Let $x_1 \ge x_2 \ge \dots \ge x_n \ge 0$ and $y_1 \ge y_2 \ge \dots \ge y_n \ge 0$ such that $$\forall k \in [\![1,n ]\!], \prod_{i=1}^k x_i \le \prod_{i=1}^k y_i$$ (with equality for $k=n$).
I want to show that $$\sum_{i=1}^n \ln ^2(x_i) \le \sum_{i=1}^n \ln^2 (y_i)$$
I don't know how to prove this result but I'm sure that it is somehow related to convexity methods : I think that we can prove it by using Weyl's majorant theorem but the proofs of this theorem are quite hard...

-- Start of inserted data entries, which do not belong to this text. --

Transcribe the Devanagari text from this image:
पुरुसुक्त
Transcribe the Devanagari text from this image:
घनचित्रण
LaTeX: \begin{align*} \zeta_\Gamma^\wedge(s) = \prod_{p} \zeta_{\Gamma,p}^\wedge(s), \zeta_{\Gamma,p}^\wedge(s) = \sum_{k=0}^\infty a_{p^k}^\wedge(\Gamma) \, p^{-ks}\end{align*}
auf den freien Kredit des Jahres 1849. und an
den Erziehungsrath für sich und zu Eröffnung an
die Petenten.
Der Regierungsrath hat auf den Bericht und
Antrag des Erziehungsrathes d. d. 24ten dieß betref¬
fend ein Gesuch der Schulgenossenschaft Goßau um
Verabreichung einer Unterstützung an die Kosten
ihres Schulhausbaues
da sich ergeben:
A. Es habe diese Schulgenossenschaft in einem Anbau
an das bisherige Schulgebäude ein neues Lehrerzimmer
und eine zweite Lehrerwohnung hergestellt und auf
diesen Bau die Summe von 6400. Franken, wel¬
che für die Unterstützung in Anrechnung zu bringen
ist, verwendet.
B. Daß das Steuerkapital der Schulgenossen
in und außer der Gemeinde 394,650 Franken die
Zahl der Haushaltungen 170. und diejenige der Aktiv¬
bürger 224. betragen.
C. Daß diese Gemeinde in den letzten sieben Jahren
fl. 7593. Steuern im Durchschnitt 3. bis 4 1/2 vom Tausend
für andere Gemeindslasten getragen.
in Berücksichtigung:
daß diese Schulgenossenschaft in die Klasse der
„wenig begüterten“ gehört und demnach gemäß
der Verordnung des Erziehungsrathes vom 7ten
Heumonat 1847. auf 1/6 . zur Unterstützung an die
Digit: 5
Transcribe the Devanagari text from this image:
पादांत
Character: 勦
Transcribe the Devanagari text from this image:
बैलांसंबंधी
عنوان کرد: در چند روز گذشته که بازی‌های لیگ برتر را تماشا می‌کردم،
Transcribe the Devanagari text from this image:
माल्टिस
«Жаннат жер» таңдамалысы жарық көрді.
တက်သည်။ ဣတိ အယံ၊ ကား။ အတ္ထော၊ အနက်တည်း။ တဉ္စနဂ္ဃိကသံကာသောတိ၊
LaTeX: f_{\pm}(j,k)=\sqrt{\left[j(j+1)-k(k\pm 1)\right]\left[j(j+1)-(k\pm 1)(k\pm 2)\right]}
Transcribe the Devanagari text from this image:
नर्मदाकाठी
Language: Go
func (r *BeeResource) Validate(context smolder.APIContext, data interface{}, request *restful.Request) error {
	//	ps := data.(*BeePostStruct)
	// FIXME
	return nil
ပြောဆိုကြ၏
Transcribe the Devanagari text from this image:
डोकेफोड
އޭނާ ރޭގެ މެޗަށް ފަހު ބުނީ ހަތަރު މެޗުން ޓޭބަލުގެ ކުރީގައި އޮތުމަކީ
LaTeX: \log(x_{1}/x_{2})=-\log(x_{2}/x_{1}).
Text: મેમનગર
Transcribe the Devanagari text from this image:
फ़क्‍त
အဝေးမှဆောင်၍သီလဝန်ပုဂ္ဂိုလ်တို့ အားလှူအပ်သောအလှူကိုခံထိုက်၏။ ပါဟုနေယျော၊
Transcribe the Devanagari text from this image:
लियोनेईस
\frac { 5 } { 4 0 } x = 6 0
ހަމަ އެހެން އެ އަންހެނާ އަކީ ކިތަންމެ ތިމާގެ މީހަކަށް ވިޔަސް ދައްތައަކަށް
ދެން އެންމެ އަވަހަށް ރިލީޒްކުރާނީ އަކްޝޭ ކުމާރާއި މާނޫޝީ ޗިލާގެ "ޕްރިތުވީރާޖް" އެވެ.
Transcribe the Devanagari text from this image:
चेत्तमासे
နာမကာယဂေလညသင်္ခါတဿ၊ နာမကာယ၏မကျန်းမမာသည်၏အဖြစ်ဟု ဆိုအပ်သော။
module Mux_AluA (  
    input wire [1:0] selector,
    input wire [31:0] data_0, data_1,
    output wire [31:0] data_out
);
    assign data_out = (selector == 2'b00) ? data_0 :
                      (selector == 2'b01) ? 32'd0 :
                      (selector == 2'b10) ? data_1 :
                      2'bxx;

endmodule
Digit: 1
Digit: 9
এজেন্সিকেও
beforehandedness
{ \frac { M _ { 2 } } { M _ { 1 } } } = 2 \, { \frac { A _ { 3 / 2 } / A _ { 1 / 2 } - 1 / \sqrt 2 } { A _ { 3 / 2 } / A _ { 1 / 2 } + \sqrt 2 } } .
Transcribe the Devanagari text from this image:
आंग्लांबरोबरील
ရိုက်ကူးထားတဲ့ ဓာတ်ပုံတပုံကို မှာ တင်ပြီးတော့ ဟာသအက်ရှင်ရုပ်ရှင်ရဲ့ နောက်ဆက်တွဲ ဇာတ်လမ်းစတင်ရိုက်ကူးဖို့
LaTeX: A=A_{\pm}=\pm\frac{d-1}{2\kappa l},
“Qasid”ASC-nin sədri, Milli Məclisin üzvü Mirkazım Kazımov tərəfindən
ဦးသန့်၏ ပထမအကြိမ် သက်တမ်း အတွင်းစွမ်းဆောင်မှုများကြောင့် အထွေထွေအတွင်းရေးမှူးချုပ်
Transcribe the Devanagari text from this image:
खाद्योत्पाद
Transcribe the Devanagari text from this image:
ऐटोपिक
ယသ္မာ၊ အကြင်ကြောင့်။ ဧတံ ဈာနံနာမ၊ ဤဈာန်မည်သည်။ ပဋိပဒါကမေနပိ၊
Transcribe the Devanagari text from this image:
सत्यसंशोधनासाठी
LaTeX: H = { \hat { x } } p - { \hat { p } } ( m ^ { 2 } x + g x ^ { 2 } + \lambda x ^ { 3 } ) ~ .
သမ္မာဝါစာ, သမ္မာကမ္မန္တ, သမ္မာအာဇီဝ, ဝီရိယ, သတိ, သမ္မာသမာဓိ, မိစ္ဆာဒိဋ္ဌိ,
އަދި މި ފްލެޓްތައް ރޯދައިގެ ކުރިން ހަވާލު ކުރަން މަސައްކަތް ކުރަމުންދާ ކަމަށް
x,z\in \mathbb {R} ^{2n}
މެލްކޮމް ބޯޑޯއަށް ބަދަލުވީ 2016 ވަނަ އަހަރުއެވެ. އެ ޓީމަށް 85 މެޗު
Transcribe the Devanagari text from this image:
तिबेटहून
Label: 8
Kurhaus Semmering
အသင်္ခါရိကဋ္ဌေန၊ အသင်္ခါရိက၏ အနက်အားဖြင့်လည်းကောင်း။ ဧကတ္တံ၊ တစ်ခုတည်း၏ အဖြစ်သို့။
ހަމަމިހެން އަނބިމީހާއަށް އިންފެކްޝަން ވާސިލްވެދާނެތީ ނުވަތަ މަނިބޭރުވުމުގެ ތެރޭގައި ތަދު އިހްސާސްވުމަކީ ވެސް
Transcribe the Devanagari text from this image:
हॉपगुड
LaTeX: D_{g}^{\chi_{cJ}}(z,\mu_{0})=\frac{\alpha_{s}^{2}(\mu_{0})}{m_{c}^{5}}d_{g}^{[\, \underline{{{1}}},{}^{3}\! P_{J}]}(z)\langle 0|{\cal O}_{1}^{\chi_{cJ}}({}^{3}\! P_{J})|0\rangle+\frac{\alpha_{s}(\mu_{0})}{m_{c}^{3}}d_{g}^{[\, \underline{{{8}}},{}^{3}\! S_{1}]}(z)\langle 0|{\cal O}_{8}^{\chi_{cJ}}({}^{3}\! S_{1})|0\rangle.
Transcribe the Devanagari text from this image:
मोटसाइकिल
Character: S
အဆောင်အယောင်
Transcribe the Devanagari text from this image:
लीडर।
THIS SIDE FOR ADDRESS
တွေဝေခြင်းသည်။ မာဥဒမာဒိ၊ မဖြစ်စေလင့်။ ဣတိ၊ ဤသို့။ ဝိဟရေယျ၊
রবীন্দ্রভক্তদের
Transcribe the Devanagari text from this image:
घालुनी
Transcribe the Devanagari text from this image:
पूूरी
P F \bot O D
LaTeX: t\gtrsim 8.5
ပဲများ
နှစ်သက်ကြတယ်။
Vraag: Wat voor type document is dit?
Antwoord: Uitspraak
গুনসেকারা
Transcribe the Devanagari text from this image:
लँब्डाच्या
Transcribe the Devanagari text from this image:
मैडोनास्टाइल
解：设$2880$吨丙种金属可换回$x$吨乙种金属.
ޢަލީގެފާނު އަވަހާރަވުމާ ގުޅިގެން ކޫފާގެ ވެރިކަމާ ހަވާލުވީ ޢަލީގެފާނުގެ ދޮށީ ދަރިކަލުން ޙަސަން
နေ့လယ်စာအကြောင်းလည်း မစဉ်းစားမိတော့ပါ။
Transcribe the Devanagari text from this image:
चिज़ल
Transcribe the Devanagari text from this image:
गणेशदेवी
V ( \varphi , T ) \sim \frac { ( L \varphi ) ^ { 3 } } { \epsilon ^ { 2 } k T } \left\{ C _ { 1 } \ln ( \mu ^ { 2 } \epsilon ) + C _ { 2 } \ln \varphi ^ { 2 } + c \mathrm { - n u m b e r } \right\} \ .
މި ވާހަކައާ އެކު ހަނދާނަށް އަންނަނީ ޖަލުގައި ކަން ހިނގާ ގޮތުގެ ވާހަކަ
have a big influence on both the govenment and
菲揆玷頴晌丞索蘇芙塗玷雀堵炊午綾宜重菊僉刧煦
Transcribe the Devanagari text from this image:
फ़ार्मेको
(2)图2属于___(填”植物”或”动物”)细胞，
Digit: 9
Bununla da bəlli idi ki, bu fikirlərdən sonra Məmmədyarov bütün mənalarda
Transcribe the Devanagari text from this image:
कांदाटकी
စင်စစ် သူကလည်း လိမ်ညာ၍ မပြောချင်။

Adding the additional constraint that $x_n\geq 1$ and $y_n\geq 1$, it is true and follows from Corollary 1.10 in the book Trace Ideals and Their Applications by B. Simon, since $x\mapsto \ln(x)^2$ is continuous and increasing on $[1,\infty)$ and $x\mapsto \ln(e^x)^2 = |x|^2$ is convex. The proof indeed follows from a convexity argument.
Without the additional constraint, it is false, as noticed in comments : just take $x_1=\dots=x_{n-1}=y_1=\dots=y_n = 1$ and $x_{n}\in(0,1)$. Then the product inequality is verified as $x_n\leq 1$, but the sum inequality is not verified since $\ln(x_n)^2 > 0$.